# Moose' reveal!



## spastic_jedi (Nov 11, 2009)

<3 this is my little guy Moose. I know it isn't really a great quality picture... he was a little camera shy  :lol:


----------



## krbshappy71 (Jul 17, 2009)

wow, he IS a moose! hahaha!!! Cute pic, looks like Whyte, is he an albino? (couldn't quite see the eyes to be sure)


----------



## shetland (Sep 2, 2008)

He is absolutely adorable!


----------



## spastic_jedi (Nov 11, 2009)

yeah he's a big boy! haha :lol: 

Yes he is an albino... <3 he has the most wonderful pink/red eyes  

He is on a diet right now... since he is such a tank lol :lol:


----------



## Nancy (Aug 22, 2008)

He is very cute.


----------



## shetland (Sep 2, 2008)

Be careful!!!!!!!!!!! Nancy just loves her little albino hedgies!!!!!!!!!! Moose might go missing!


----------



## spastic_jedi (Nov 11, 2009)

:lol: I'll keep a close eye on him


----------



## Linsoid (Nov 3, 2009)

Aww... looks like my lil hefty hedgie.... only if i were to dye him blonde


----------



## mel2626 (Sep 28, 2009)

Aww I love the albinos too!! The first hedgie I ever saw was an albino and that's when the love affair began!! lol

So cute!!


----------



## spastic_jedi (Nov 11, 2009)

I have a much better photo now! 










<3 My lovely Moose


----------



## shetland (Sep 2, 2008)

Aw look at that pink nose and that pink ear!


----------



## spastic_jedi (Nov 11, 2009)

Moose was a little grumpy when I was handling him here... I couldnt pick him up without having gloves on he was so angry... We managed to get this AMAZINGLY cute photo of him though!
I managed to take my gloves off a few minuted later and he (eventually) let me handle him without them... I am so blessed to have this little munchkin in my life!


----------



## LizardGirl (Aug 25, 2008)

He has a very cute face. 

You can try holding him with on a blanket or two, that is much better than gloves. If he sleeps under a blanket or something, just pick him up with that.


----------



## ILOVElily (Dec 5, 2009)

yah gloves can rlly scare the little guys, cuz it has no scent they know and they dont feel safe.

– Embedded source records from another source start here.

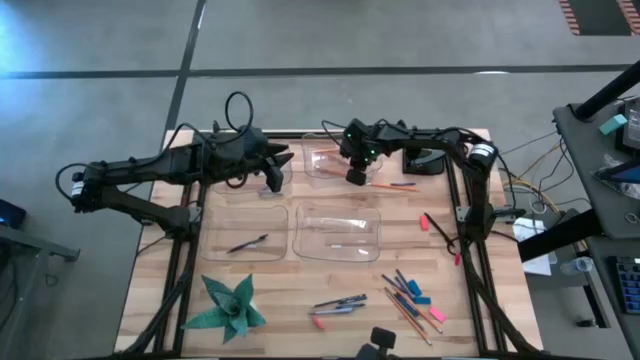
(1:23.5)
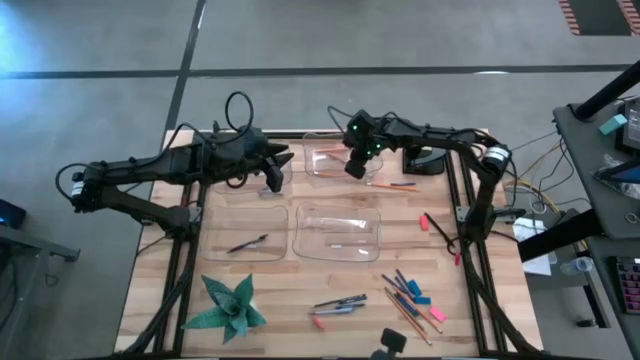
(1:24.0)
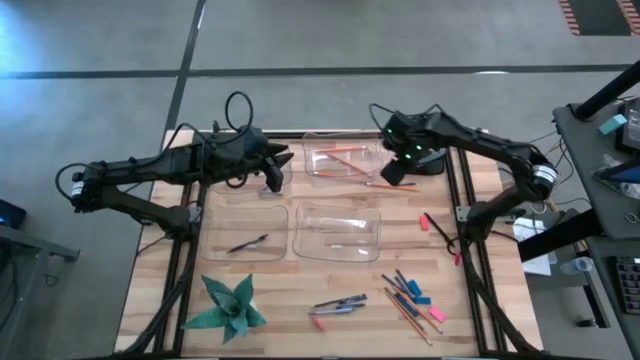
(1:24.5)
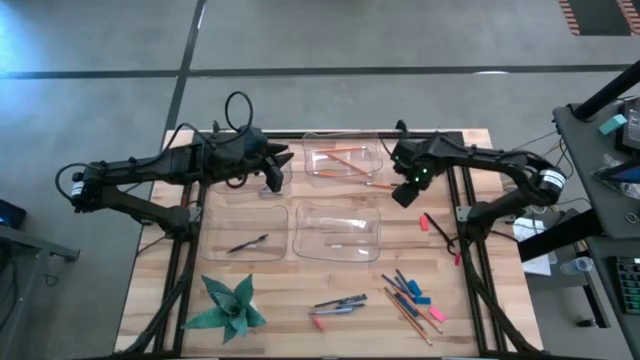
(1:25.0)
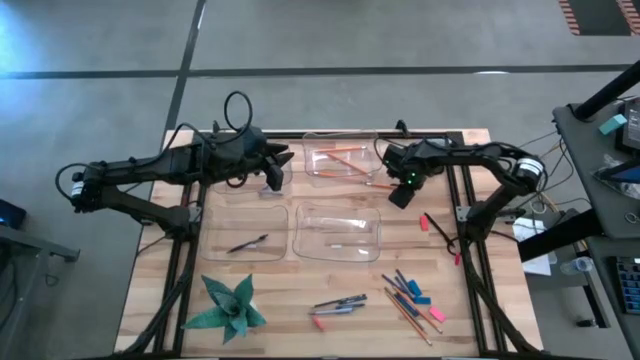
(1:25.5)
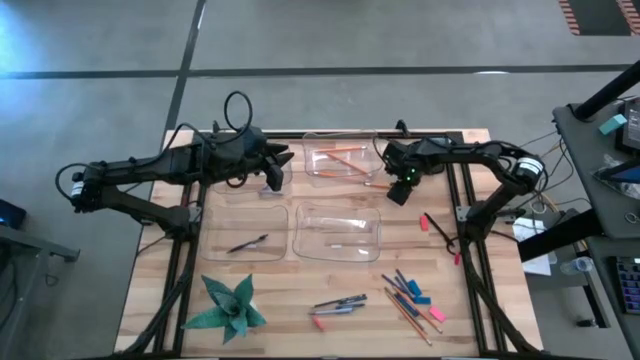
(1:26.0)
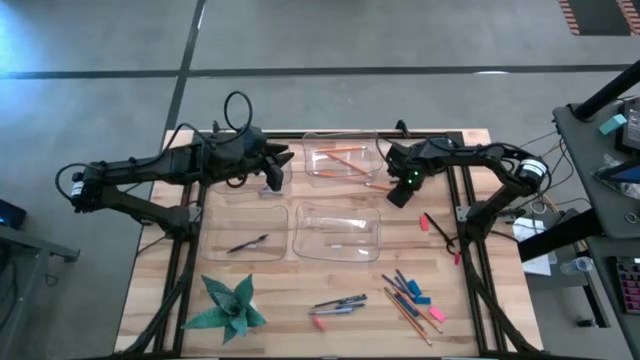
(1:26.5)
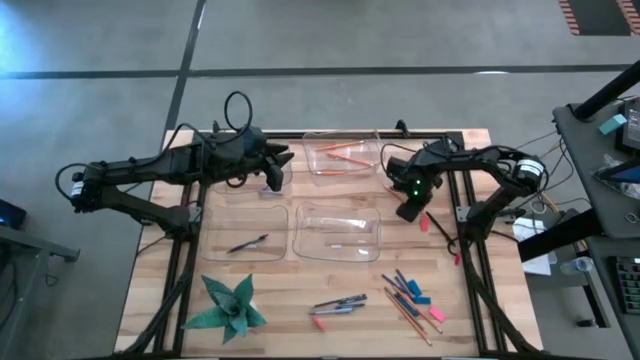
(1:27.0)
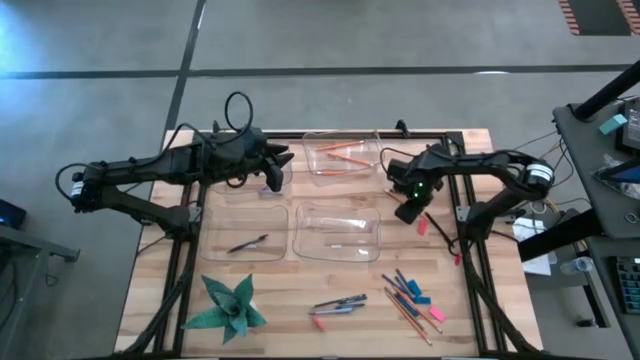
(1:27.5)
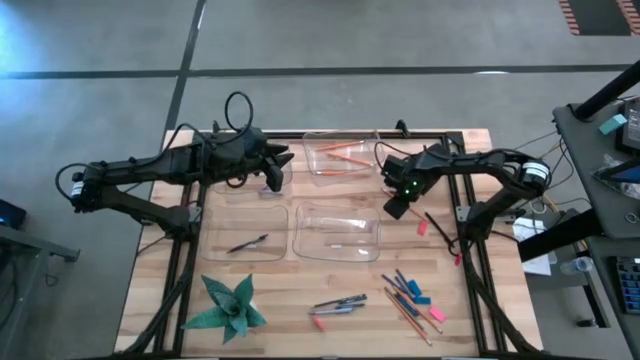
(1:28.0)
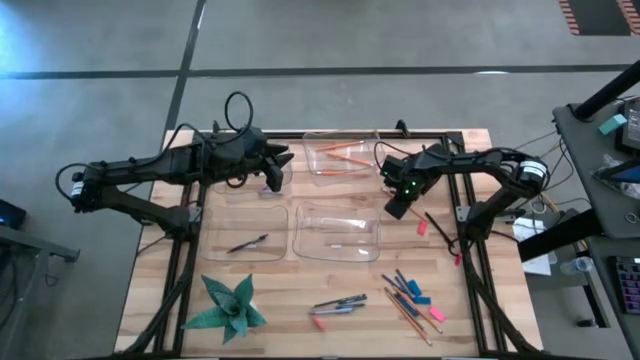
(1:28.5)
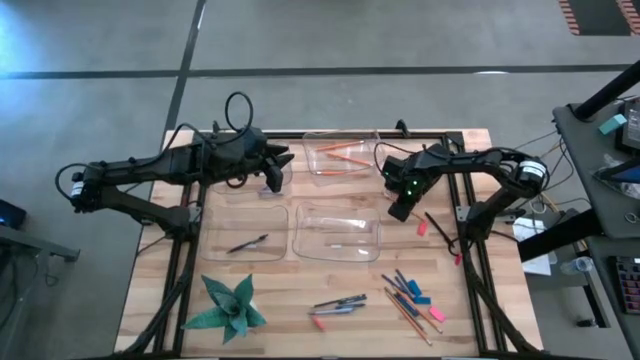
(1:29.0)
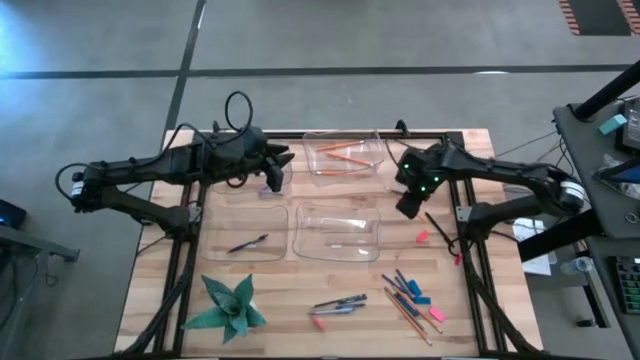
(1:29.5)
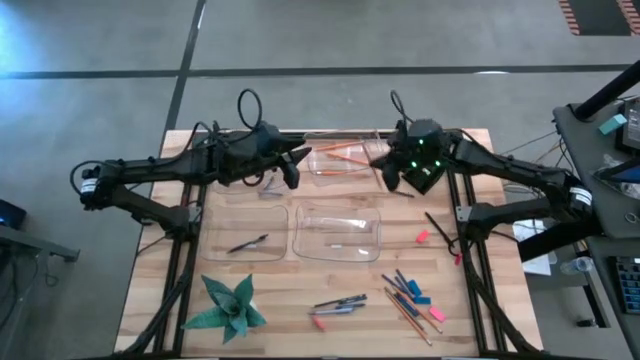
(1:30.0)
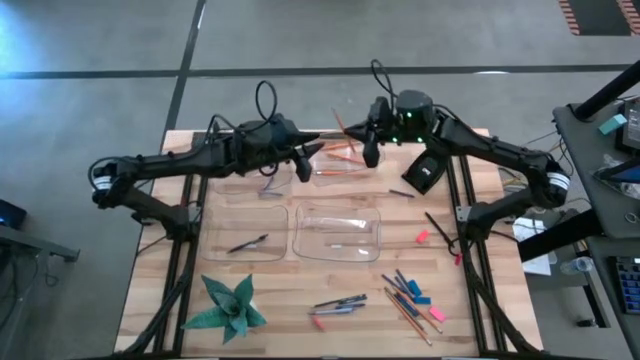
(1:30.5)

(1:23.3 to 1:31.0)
Task: Sort crayons/erasers/pens/pencils in bins
Put the orange pencil into the top right transparent bin

i have a little albino too! aren't they adorable!  
love the name. MOOSE!


----------



## spastic_jedi (Nov 11, 2009)

To make sure they don't scare him i always let him play with them just in case he has a grumpy day and i need a little extra padding... i've tried to pick him up with a blanket but it never goes well.... he really likes the gloves since he plays with them a lot but i very rarely ever have to use them


----------



## ILOVElily (Dec 5, 2009)

oh thats good.  as long as he knows that gloves are friends not enemies, lol he should be fine


----------